Assets are properties or economic resources that a commercial entity owns, controls and uses in the course of carrying out its operations. All forms of business including corporations, firms, partnerships and sole proprietorships essentially own some assets depending on the nature of their activities.
In accounting and finance, assets are categorized into different types. For example, they are categorized as current and noncurrent assets, operating and nonoperating assets, cash and noncash assets, monetary and nonmonetary assets and tangible and intangible assets.
The article “tangible vs intangible assets” focuses on the last of the above mentioned categories i.e., defines tangible and intangible assets and explains the difference between two.
Definitions and meanings:
Tangible assets:
Business assets that are present in their physical form are known as a tangible asset. They are the main assets that entities actively use to produce their goods and services and can be either current or non current. Tangible assets are considered as the backbone of an entity’s core operations
Examples of current tangible assets include inventory, check, pay order, short term investments, cash, bank balances, prepayments, receivables etc. and examples of non-current or fixed tangible assets include property, plant, building, machinery, equipment, land, vehicles etc.
Intangibles Assets:
Intangible assets can be defined as assets that do not have a physical existence. These are non-monetary assets that are separately identifiable. Patent, royalty, goodwill of a business, licenses, trademark, clientele lists etc. are some popular examples of intangible assets.

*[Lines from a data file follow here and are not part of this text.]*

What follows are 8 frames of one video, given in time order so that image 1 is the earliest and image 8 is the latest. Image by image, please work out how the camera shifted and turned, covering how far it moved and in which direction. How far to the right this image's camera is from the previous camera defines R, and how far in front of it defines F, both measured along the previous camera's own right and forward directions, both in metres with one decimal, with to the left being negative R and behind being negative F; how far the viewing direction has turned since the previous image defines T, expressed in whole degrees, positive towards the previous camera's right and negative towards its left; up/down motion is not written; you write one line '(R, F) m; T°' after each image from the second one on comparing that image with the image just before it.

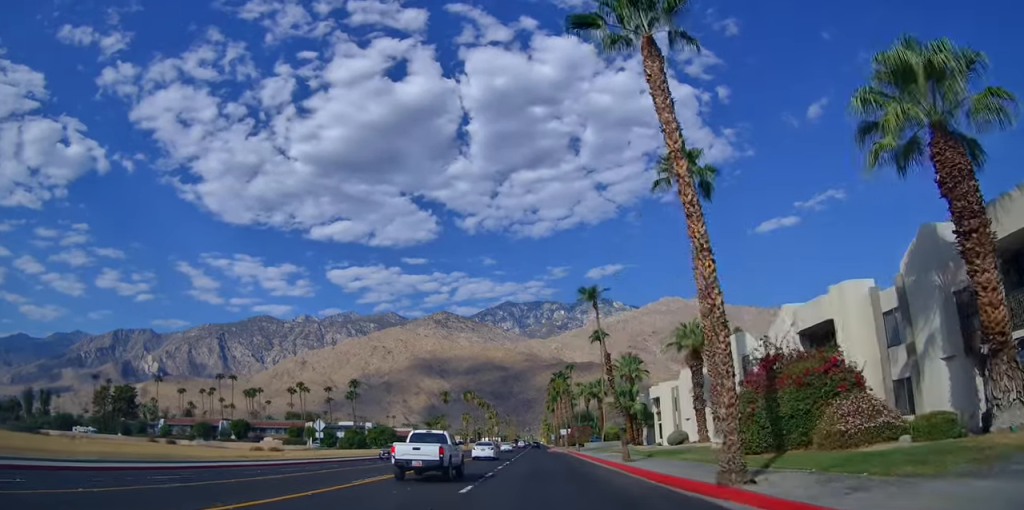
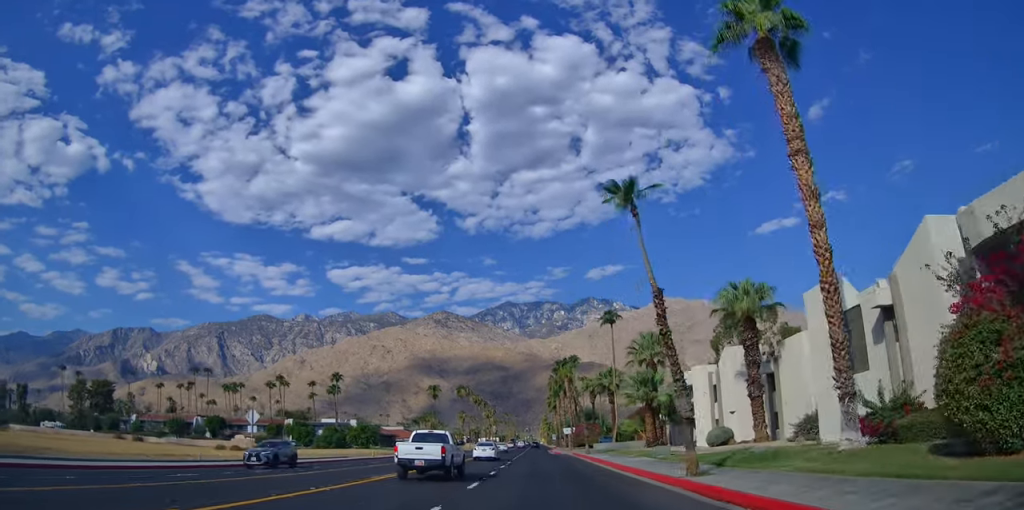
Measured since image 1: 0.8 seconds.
(0.0, +13.1) m; 0°
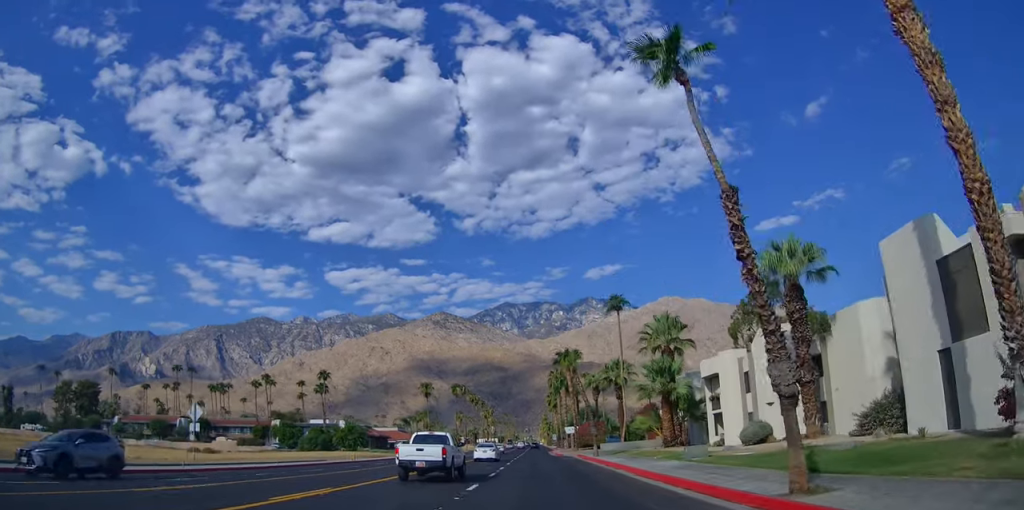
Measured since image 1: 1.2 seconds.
(0.0, +7.5) m; 0°
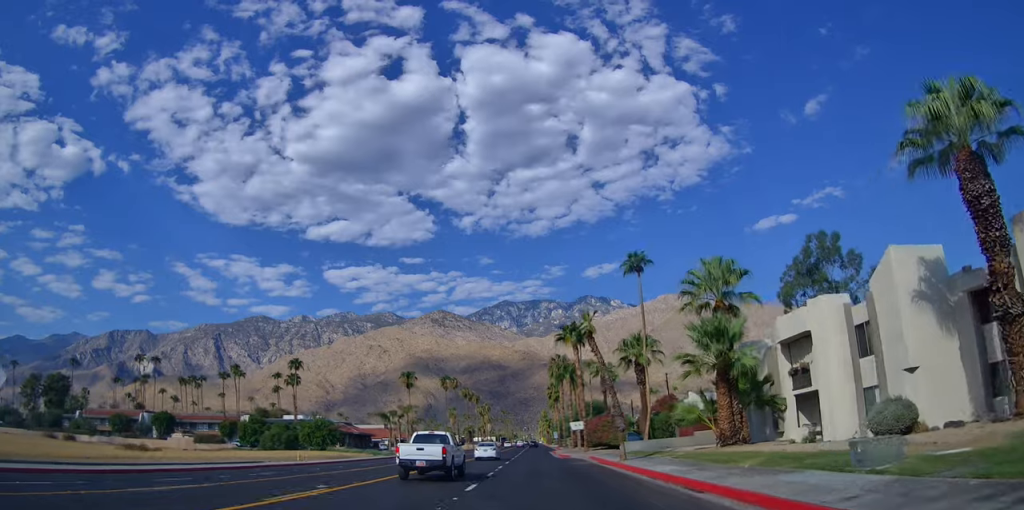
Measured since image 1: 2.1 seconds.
(0.0, +15.0) m; 0°
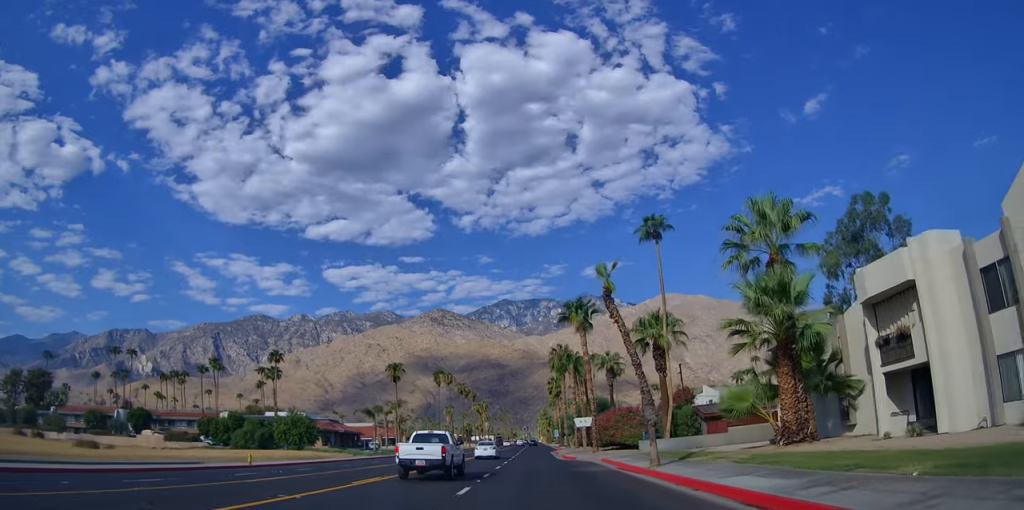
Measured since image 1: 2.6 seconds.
(0.0, +8.7) m; 0°
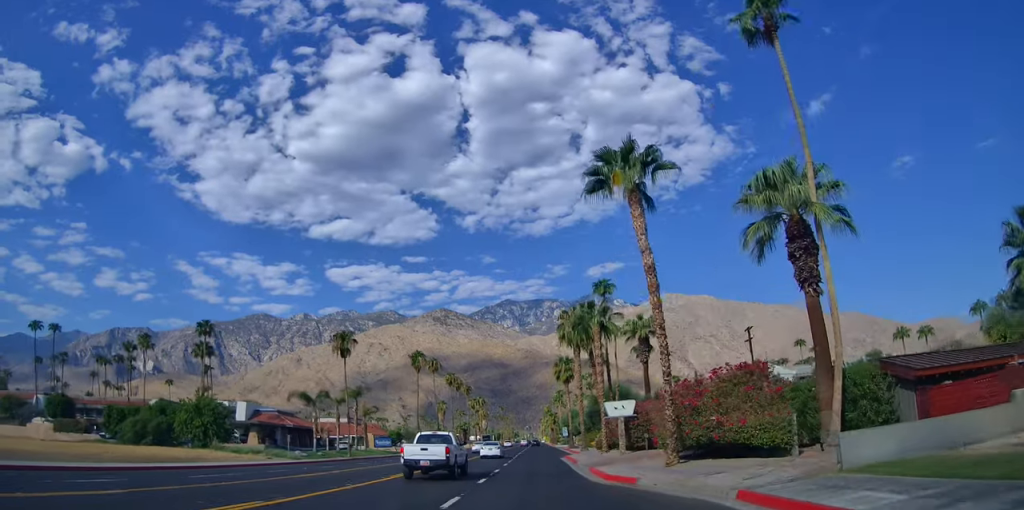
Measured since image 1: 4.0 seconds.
(0.0, +24.9) m; 0°
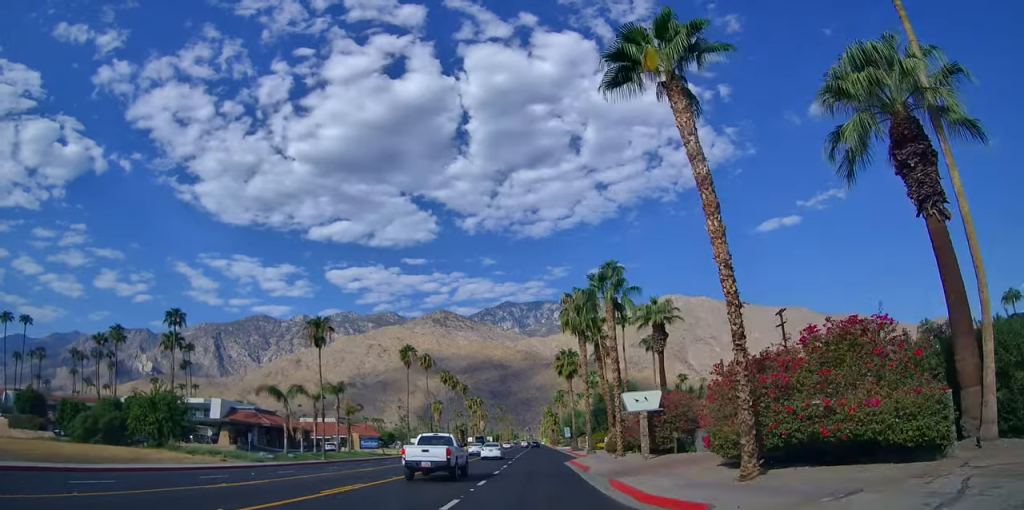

For any business, the intangible assets usually have a long-term value as compared to tangible assets.
Difference between tangible and intangible assets:
The main points of difference between tangible and intangible assets are given below:
1. Identification:
Tangible assets are physical assets that can be touched, felt and seen because they have a physical existence but intangible assets do not have a physical existence and, therefore, cannot be felt, touched or seen.
2. Recognition:
Tangible assets are recognized when owned and controlled by a business entity. A tangible asset can be constructed by the entity itself or acquired by buying, transferring or leasing when most of the economic life of the asset is owned by the business.
Intangible assets are recognized when it is probable that economic inflow of benefits will result to the business and cost of the intangible assets can be measured reliably. Intangible assets are either internally generated or they are acquired in result of a contractual or legal agreement with another party. Internally generated intangible asset having infinite life, such as goodwill, don’t appear on company’s balance sheet.
3. Cost measurement:
The measurement of cost of a tangible asset is easier than the measurement of cost of an intangible asset. The basic idea in considering the cost of a tangible asset is to accumulate all the costs incurred to construct or buy and bringing the asset to its working condition. The components considered while measuring the cost of a tangible asset are purchase cost, delivery, handling, installation and estimated cost of dismantling the asset at the end of its useful life (if any).
However, cost of intangible assets is difficult to identify practically because an intangible asset does not have physical components attached to it rather it usually is a result of research and development. If it is a purchased intangible asset with definite life span, the purchase price is allocated as the cost of the intangible asset.
4. Economic life:
Tangible assets are prone to physical wear and tear. They also have an economic life which depreciates as time or economic value of asset passes which is systematically decreased from the carrying value of asset.
Intangible assets do not necessarily have a definite life and can have an indefinite life based on the type of asset. Intangible assets are either amortized or tested for an impairment test usually when a considerable amount of decline is deemed to occur which can make its carrying value less than its remaining useful value.
5. Other financial uses:
Tangible assets can be pledged as collateral in relation to raise a loan or lease agreement. Intangible assets, on the other hand, cannot be pledged as collateral because these assets do not have any physical existence and it is difficult to label a reliable price to them.
Conclusion – tangible vs intangible assets:
Almost every business owns some tangible assets because they are highly vital to start and run business operations. Intangible assets are either acquired in a business contract or are internally generated by a business. Intangible assets add value to a business and improve its future prospects in terms of revenues and growth. So, both types of assets have an impact on the functioning and activities of a business. The importance of a tangible or an intangible asset also depends upon the type of business carried on by the entity. Where for a textile brand intangible asset like brand name will be more necessary, for a business selling buildings, tangible assets like buildings as inventory will have more worth.